───── Excerpted data

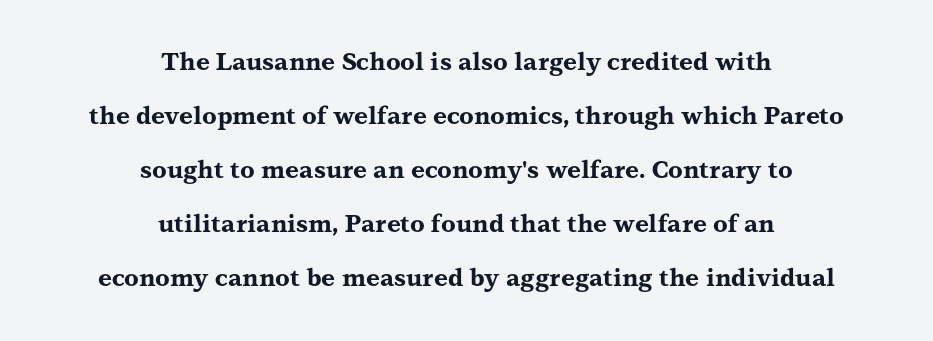
Unmarked baselines from the first word to the last. How heavy is the stroke? Heavy — this is a bold. Here the glyphs are tracked normally, forming tight word shapes. The letters stand straight up with perfectly vertical stems. The passage is arranged like a title page — every line centered. Each new line begins a long way beneath the previous one.
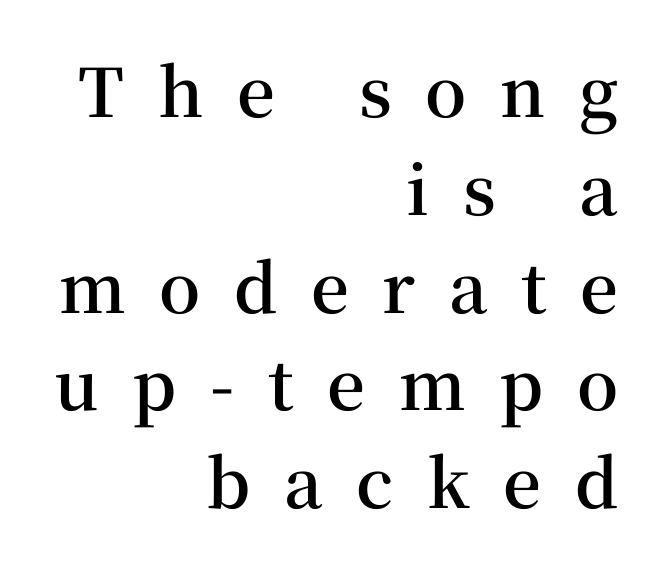
Q: Is the text bold? A: Semi-bold.
Q: Is the text italic (slanted)? A: No, it is upright.
Q: Is the typeface a serif or a sans-serif typeface? A: Serif.
Q: Is the text underlined? A: No.
Q: How is the paragraph aligned? A: Right-aligned.
Q: Is the spacing between letters normal or unusually wide? A: Unusually wide.
Q: Is the spacing between lines tight, normal or loose? A: Normal.
Q: Width (condensed, normal, or wide)? A: Normal.
Q: Stroke contrast? A: Medium.
Q: x-height? A: Medium.
Q: Monospaced? A: No.
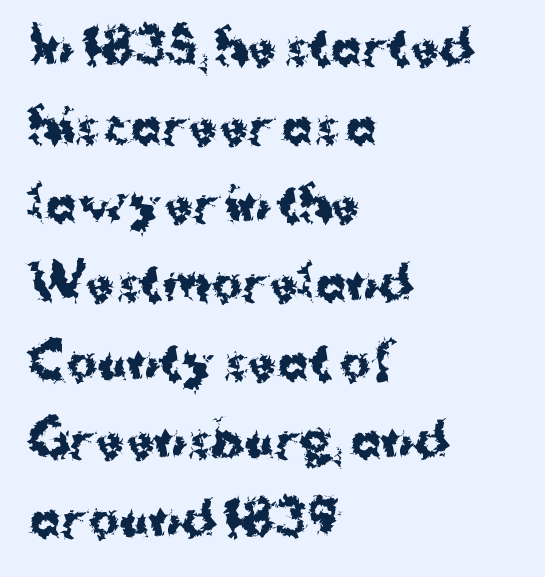
{"serif": "no", "italic": "no", "bold": "yes", "weight": "bold", "width": "normal", "stroke_contrast": "medium", "x_height": "medium", "monospaced": "no", "underline": "no", "align": "left", "line_spacing_ratio": 1.71, "letter_spacing": "normal", "letter_spacing_em": 0.0, "glyph_px": 46}
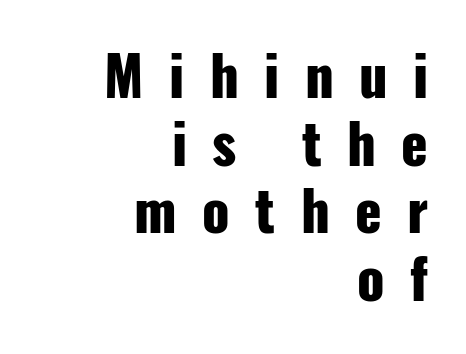
{"serif": "no", "italic": "no", "bold": "yes", "weight": "heavy", "width": "condensed", "stroke_contrast": "low", "x_height": "medium", "monospaced": "no", "underline": "no", "align": "right", "line_spacing_ratio": 1.23, "letter_spacing": "wide", "letter_spacing_em": 0.46, "glyph_px": 55}
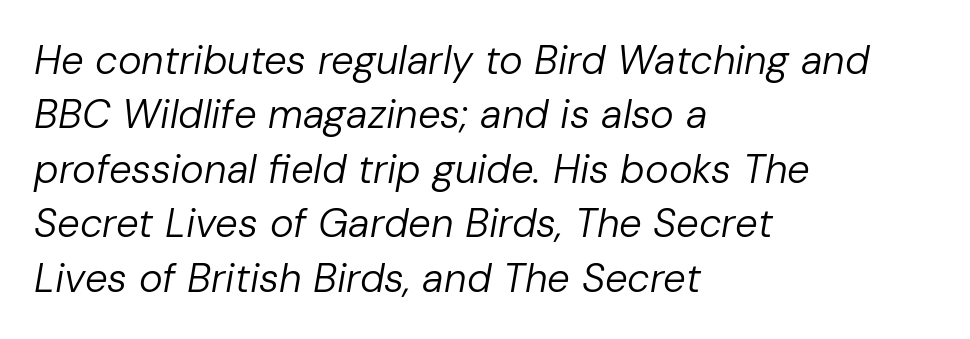
Quick note: underline off. Unbolded letterforms with no extra heft. Tracking value appears to be zero — textbook default spacing. Quick note: interline space is typical. The passage is arranged the way most books set body copy — flush left.
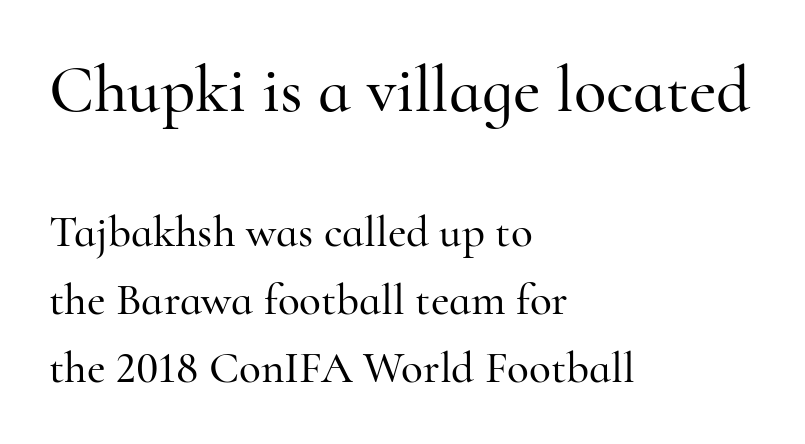
Has an underline been added? It has not. Do the letters lean? They stand straight. The rendering uses a moderate line-height, typical for paragraphs. A typesetter would call this proportional, since set widths differ per character. The earlier block is typeset at a bigger size than the later block. Classification — serif.
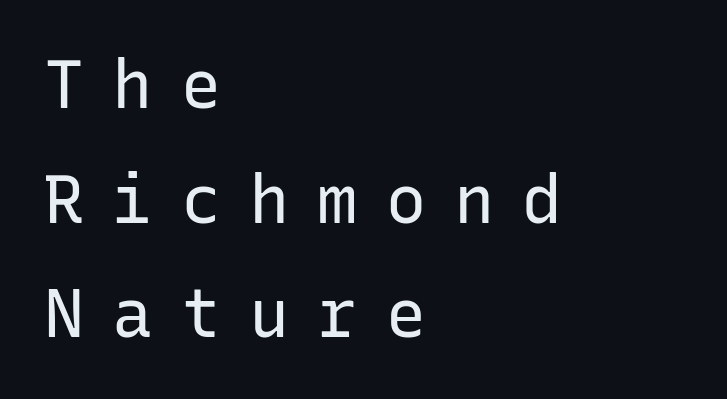
The image shows 67 px regular-weight sans-serif type, upright, monospaced; set left-aligned, line spacing 1.71x, unusually wide letter spacing (+0.42 em), not underlined; low stroke contrast and a medium x-height.
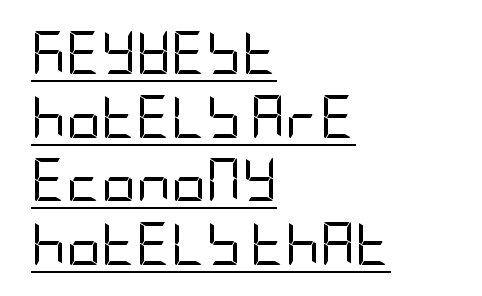
Letter spacing: default. Are there feet on the stems? There aren't — it's a sans. In terms of posture, this sample is upright. Stroke thickness stays within the range of a standard reading face or lighter. The paragraph has a hard left edge and a soft right edge.
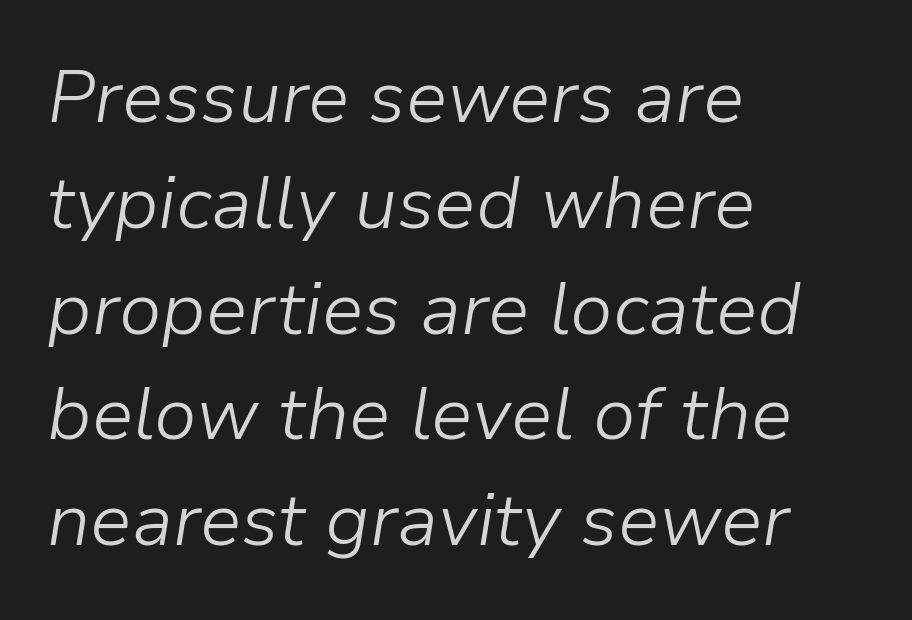
{"italic": "yes", "lean": "right", "slant_degrees": 9, "bold": "no", "weight": "light", "width": "normal", "stroke_contrast": "low", "x_height": "medium", "monospaced": "no", "underline": "no", "align": "left", "line_spacing": "normal", "line_spacing_ratio": 1.43, "letter_spacing": "normal", "letter_spacing_em": 0.0, "glyph_px": 74}
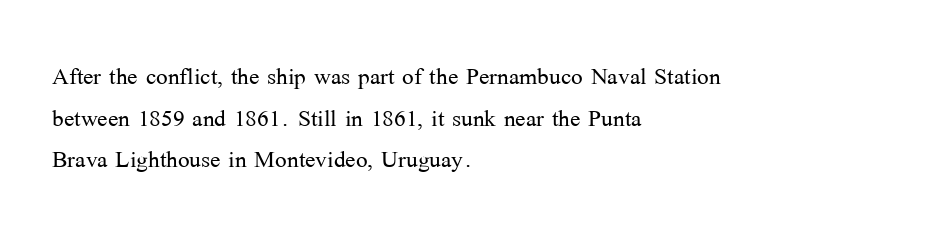
Q: Is the text bold? A: No.
Q: Is the text italic (slanted)? A: No, it is upright.
Q: Is the typeface a serif or a sans-serif typeface? A: Serif.
Q: Is the text underlined? A: No.
Q: How is the paragraph aligned? A: Left-aligned.
Q: Is the spacing between letters normal or unusually wide? A: Normal.
Q: Is the spacing between lines tight, normal or loose? A: Normal.
Q: Width (condensed, normal, or wide)? A: Normal.
Q: Stroke contrast? A: Medium.
Q: x-height? A: Medium.
Q: Monospaced? A: No.

──────────

Task description:
Search the listing above for "between" and copy every line that has it.

Exercise solution:
Q: Is the spacing between letters normal or unusually wide? A: Unusually wide.
Q: Is the spacing between lines tight, normal or loose? A: Normal.
Q: Is the spacing between letters normal or unusually wide? A: Normal.
Q: Is the spacing between lines tight, normal or loose? A: Normal.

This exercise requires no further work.